DATASET RECORDS:
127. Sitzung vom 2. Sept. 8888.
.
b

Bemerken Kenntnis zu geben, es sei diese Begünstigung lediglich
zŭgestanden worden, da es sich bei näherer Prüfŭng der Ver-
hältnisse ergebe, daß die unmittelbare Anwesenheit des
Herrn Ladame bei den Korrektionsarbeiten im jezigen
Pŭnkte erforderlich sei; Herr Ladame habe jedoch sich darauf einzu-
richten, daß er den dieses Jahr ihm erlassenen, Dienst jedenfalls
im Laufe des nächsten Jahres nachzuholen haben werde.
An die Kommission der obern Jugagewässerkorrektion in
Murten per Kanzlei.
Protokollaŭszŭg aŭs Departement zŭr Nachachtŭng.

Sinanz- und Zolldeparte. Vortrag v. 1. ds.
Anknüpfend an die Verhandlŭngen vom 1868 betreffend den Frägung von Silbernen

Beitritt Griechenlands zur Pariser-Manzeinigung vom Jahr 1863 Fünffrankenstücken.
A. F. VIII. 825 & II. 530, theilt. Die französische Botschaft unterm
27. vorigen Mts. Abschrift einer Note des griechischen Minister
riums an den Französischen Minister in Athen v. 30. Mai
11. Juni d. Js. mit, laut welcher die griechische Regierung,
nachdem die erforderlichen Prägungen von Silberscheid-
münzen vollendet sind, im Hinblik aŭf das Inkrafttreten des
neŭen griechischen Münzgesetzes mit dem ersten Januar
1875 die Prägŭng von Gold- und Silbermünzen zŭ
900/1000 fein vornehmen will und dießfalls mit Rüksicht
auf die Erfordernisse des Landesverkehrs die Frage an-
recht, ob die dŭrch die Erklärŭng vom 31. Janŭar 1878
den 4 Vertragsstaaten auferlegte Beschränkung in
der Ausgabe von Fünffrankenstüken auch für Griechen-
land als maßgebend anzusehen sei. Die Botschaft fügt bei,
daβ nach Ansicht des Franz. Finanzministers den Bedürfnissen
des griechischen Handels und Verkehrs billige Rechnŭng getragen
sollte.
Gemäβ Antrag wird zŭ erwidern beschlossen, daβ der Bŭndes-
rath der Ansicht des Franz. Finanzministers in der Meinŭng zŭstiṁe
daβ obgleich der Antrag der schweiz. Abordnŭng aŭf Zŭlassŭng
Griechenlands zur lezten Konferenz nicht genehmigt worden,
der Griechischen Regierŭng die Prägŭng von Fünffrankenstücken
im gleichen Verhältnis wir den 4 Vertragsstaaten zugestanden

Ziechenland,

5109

WHAT YOU NEED TO DO: Where a line of the listing includes the word "Botschaft", add it to the tally, and give the final number and nothing more.

WORKED SOLUTION: 2